This is why the developmental and growth of YA literature was such a necessary revelation. Teens need and want books that speak to their lived experiences to help them navigate and understand them. Books are a tool that we all use to process our lives in meaningful ways. And in order to this, we must all have access to books that reflect our realities and help us do that processing.
I grew up in a time when there was not a lot of YA literature. I grew up reading Stephen King, Dean Koontz, John Saul and Mary Higgins Clark, the books that my parents would leave lying around. And yes, like most kids of the 80s, we passed around dogeared copies of Flowers in the Attic and it did not scar me. But as a middle school kid with Scoliosis, the book that spoke to me most was Deenie by Judy Blume. It resonated, it reflected, it helped me process and made me feel less alone. It transformed me in ways that no other book had, in part because it reflected my life in ways that none of the adult books I read had.

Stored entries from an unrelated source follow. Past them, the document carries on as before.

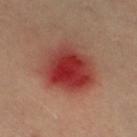site — the right thigh
subject — female, approximately 40 years of age
lesion diameter — ~6 mm (longest diameter)
image source — total-body-photography crop, ~15 mm field of view
illumination — cross-polarized
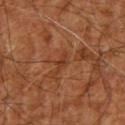biopsy status — imaged on a skin check; not biopsied
subject — approximately 65 years of age
image-analysis metrics — an area of roughly 3 mm², an outline eccentricity of about 0.85 (0 = round, 1 = elongated), and a shape-asymmetry score of about 0.4 (0 = symmetric); a border-irregularity index near 4.5/10 and a peripheral color-asymmetry measure near 1
illumination — cross-polarized illumination
acquisition — total-body-photography crop, ~15 mm field of view
anatomic site — the right upper arm
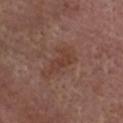Imaged during a routine full-body skin examination; the lesion was not biopsied and no histopathology is available.
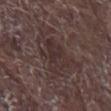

I have seen the same thing happen time and time again with the teens that I have worked with over the last 30 years. They still read Stephen King. They are reading Colleen Hoover. But the books that speak to their hearts are the ones that are a revelation in that they speak to who they are in this moment and what they are trying to navigate and figure out in the here and now. I Crawl Through It and Still Life with Tornadoes by A. S. King spoke so deeply to my teen because it spoke to who she was as she read it and what she was going through in those moments. For other teens, it was Twilight, The Hate U Give or Simon Vs. the Homo Sapien Agenda.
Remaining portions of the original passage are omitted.